Abdullah Tuğluk

Personal information
- Nationality: Turkey
- Born: 27 June 1999 (age 26) Istanbul, Turkey

Sport
- Sport: Long distance
- Club: Fenerbahçe

Medal record
Men's athletics
Representing Turkey
European Team Championships
| Gold medal – first place | 2025 Maribor | 3000 m sc |
Balkan Championships
| Silver medal – second place | 2024 İzmir | 3000 m sc |

= Abdullah Tuğluk =

Turkish long-distance runner (born 1999)

Abdullah Tuğluk (born 27 June 1999) is a Turkish long-distance runner. He competes in the 3000 m steeplechase and cross country events.

== Personal life ==
Abdullah Tuğluk was born in Istanbul, Turkey on 27 June 1999. He studied at Haliç University in Istanbul.

== Sport career ==
Tuğluk is a member of Fenerbahçe Athletics in Istanbul.

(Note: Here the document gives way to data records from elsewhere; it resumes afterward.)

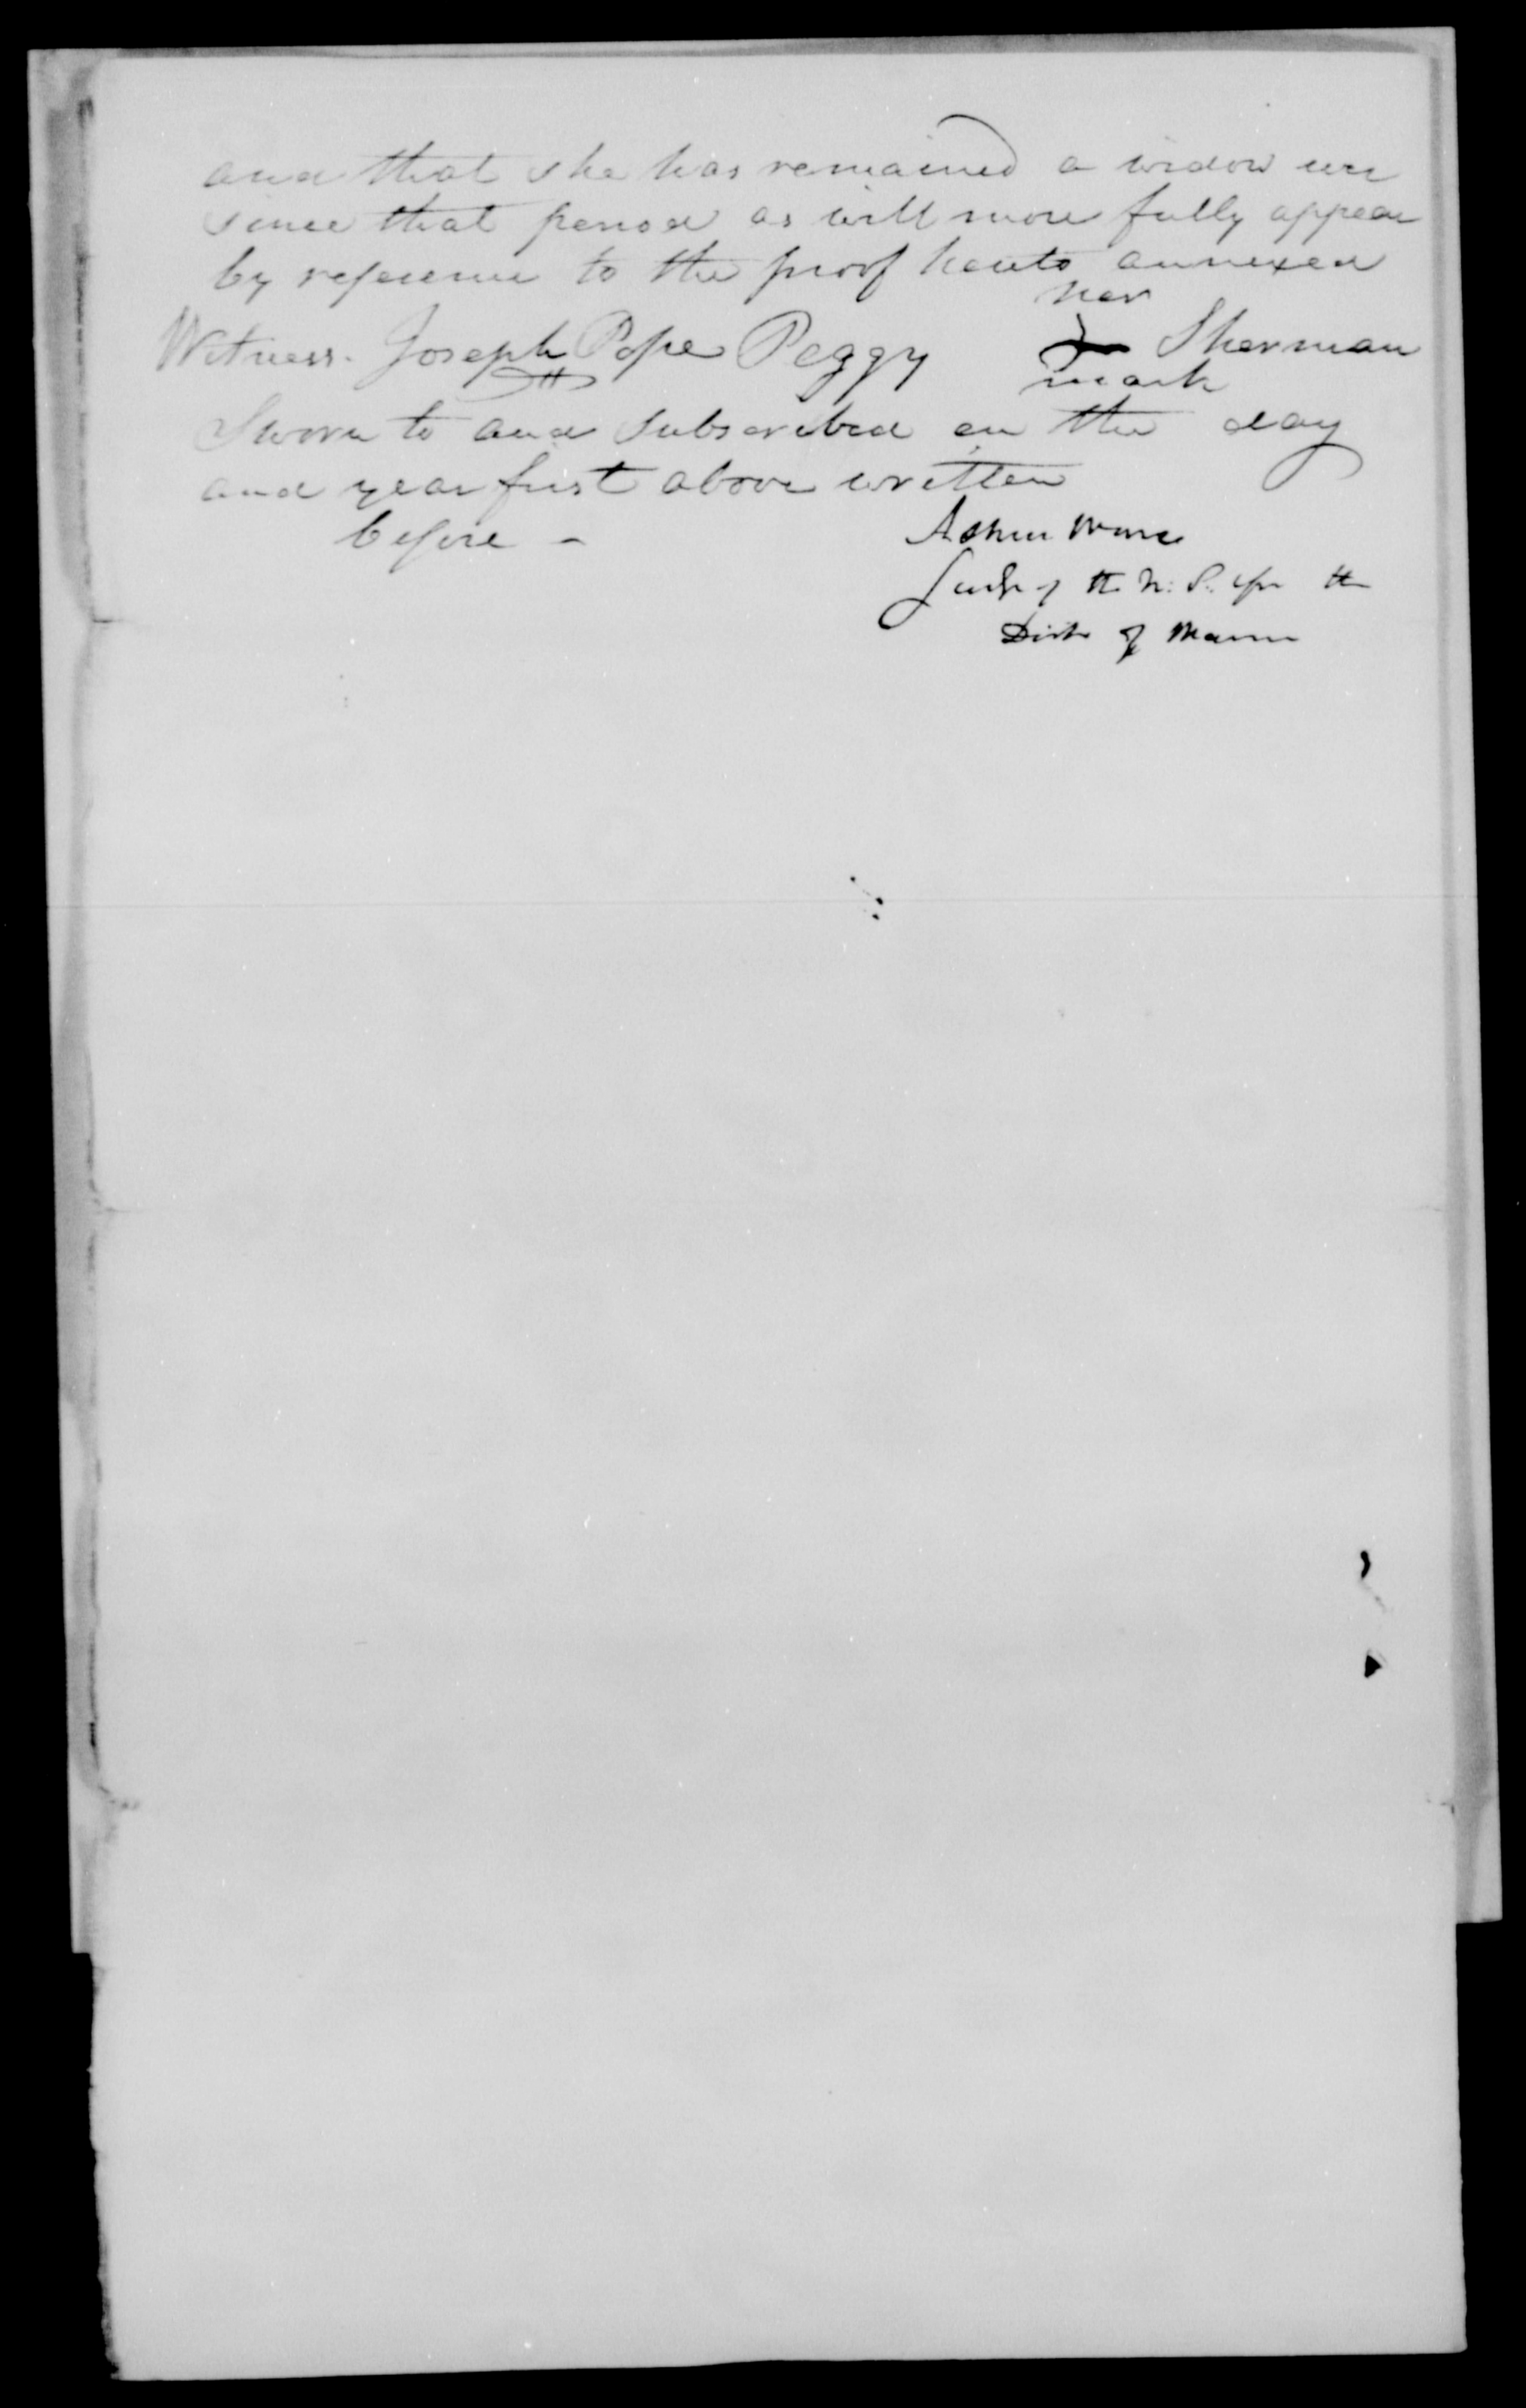[doc is written; page 2 of multipage doc]

and that she has remained a widow ever
since that period as will more fully appear
by reference to the proof hereto annexed

Witness Joseph Pope      Peggy Sherman [a '+' and the words 'her mark' are written over the second name]
Sworn to and subscribed on the day
and year first above written
before     Ashur Ware
Judge U N S for the
Dist of Maine

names: Peggy Sherman; Ashur Ware; Joseph Pope
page: 13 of 20
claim: widow's
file: W. 22,200, for James Sherman, Massachusetts

He won the silver medal in the 3000 m steeplechase event with 8:39.44 at the 2024 Balkan Athletics Championships held in İzmir, Turkey.

He captured the gold medal in the 3000 m steeplechase event with 8:45.14 at the 2025 European Athletics Team Championships Second Division in Maribor, Slovenia. He contributed to his team's record with 16 points.